Atmospheric concentrations of organic carbon (OC), water soluble organic
carbon (WSOC) and HULIS were determined, and UV/Vis spectroscopic
properties, solubility and conductivity of HULIS in aqueous samples were
investigated. Atmospheric concentrations of OC and WSOC were 8.5 and 4.6 μg m<sup>−3</sup>, respectively. Hydrophilic WSOC accounted for 39% of
WSOC, carbon in HULIS made up 47% of WSOC, and 14% of WSOC was
retained on the separation column by irreversible adsorption. Overall
average molecular mass and aromatic carbon abundance of HULIS were estimated
from molar absorptivity to be 556 Da and 12%, respectively. Both results
are substantially smaller than for standard reference fulvic acids, which
imply different mechanisms for the formation processes of atmospheric HULIS
and aquatic or terrestrial humic matter. HULIS were found to be water
soluble as ionic unimers with a saturation concentration of 2–3 g l<sup>−1</sup>.
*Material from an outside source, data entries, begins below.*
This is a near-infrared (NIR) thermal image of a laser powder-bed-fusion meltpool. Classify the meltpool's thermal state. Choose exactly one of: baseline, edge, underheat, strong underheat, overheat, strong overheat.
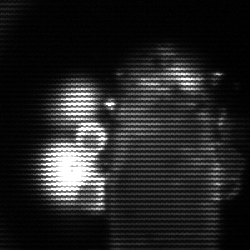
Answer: strong underheat
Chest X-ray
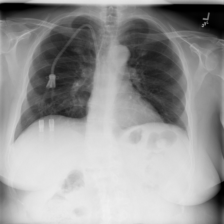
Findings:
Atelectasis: negative
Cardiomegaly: negative
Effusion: negative
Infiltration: negative
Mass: negative
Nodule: negative
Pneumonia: negative
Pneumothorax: negative
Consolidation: negative
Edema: negative
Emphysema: negative
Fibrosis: negative
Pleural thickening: negative
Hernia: negative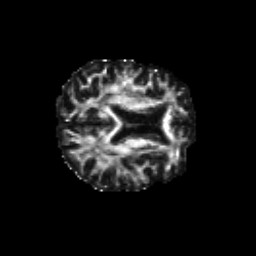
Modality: FA
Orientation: axial
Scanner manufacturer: siemens
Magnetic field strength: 3 T
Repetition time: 6.8 s
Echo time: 0.093 s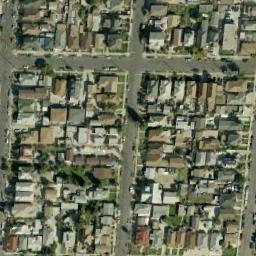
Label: dense_residential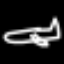
Label: airplane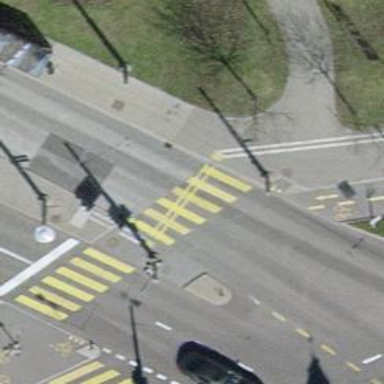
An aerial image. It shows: Traffic calming island.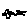
Label: bird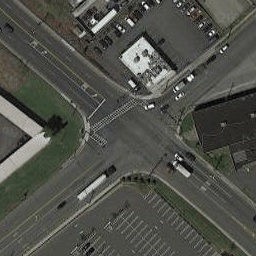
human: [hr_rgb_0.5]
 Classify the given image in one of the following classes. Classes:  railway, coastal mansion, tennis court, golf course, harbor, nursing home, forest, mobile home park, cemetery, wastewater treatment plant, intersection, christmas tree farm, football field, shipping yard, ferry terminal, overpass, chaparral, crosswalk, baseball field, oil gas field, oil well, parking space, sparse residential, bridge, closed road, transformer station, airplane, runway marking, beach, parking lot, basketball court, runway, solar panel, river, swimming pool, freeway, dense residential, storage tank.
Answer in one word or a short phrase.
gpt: intersection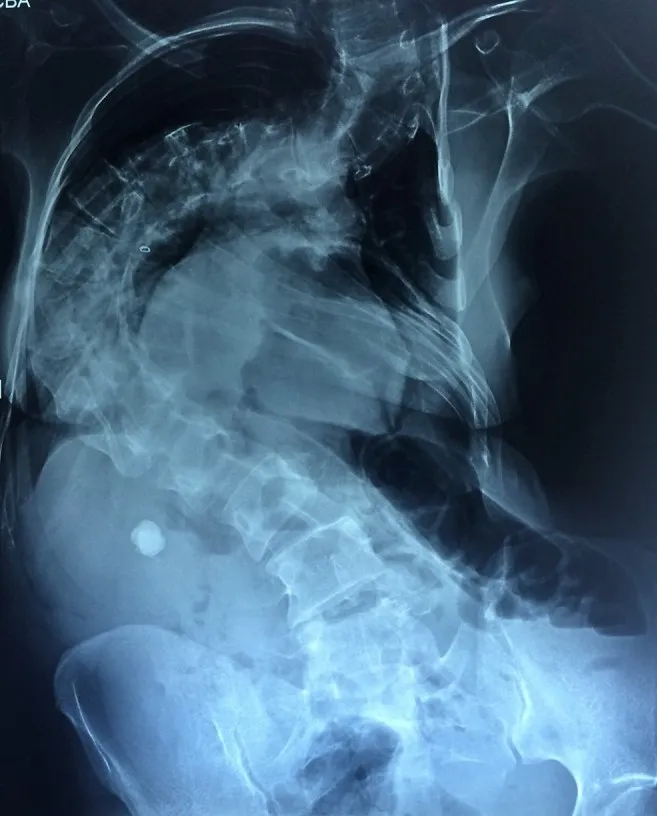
KUB with right renal pelvis stone.
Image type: radiology (x_ray)
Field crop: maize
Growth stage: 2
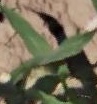
Species: maize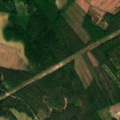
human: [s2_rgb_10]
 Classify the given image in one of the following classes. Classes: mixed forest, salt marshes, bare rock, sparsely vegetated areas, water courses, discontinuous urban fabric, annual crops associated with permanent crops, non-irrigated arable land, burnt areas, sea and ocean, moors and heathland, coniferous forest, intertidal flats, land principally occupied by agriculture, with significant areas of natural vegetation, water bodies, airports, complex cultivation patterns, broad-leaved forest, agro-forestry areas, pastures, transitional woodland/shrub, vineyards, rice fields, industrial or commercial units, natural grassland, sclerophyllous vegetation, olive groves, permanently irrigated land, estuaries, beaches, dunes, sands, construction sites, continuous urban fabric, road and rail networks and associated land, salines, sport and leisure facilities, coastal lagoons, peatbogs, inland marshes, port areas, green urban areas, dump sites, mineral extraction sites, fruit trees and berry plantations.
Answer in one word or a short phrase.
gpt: coniferous forest, mixed forest, peatbogs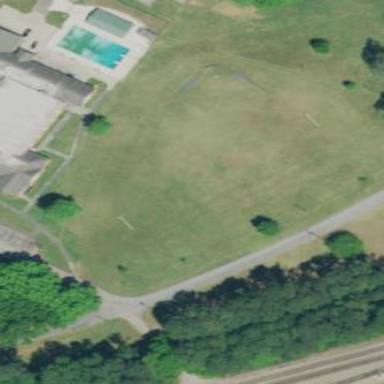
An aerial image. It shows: Soccer pitch for leisureland activities.
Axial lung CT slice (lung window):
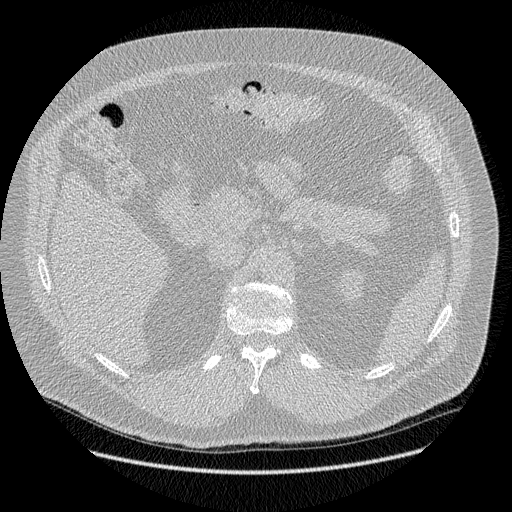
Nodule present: no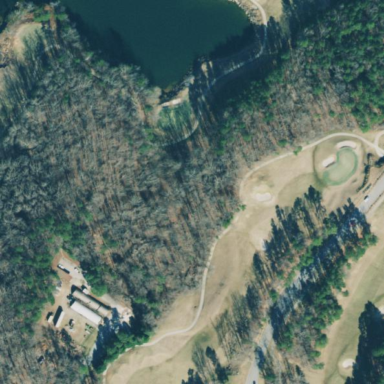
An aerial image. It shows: Grassy area designated as golf fairway.
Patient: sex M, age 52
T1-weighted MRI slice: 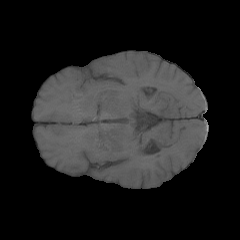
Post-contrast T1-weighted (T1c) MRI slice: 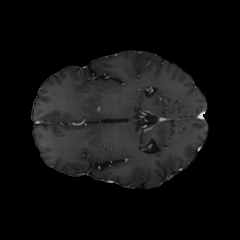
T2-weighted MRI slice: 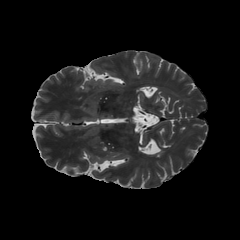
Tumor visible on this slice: yes
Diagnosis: Astrocytoma, IDH-mutant
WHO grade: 3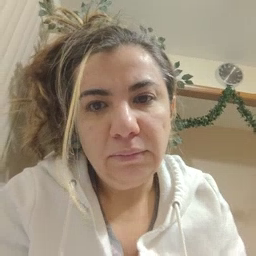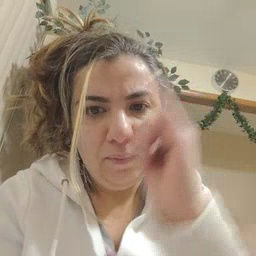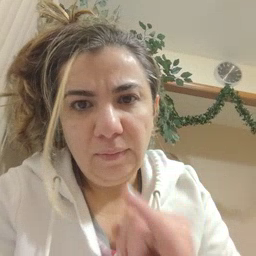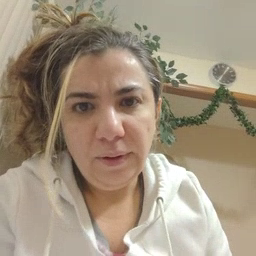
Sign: drawer

Their solubility increased again with total HULIS concentration being above
approximately 4 g l<sup>−1</sup>, which was most likely explained by the formation
of HULIS aggregates. Solubility increased linearly from approximately 5 up
to 20 g l<sup>−1</sup> of dissolved HULIS concentration. The ionic dissolution was
confirmed by electrochemical conductivity in the investigated concentration
interval. Limiting molar conductivity was extrapolated and this was utilized
to determine the apparent dissociation degree of HULIS for different
concentrations. The dissociation degree was further applied to derive the
concentration dependence of the van't Hoff factor of HULIS. The van't Hoff
factor decreased monotonically with HULIS concentration; the decrease was
substantial for dilute solutions and the relationship became weak for rather
concentrated solutions.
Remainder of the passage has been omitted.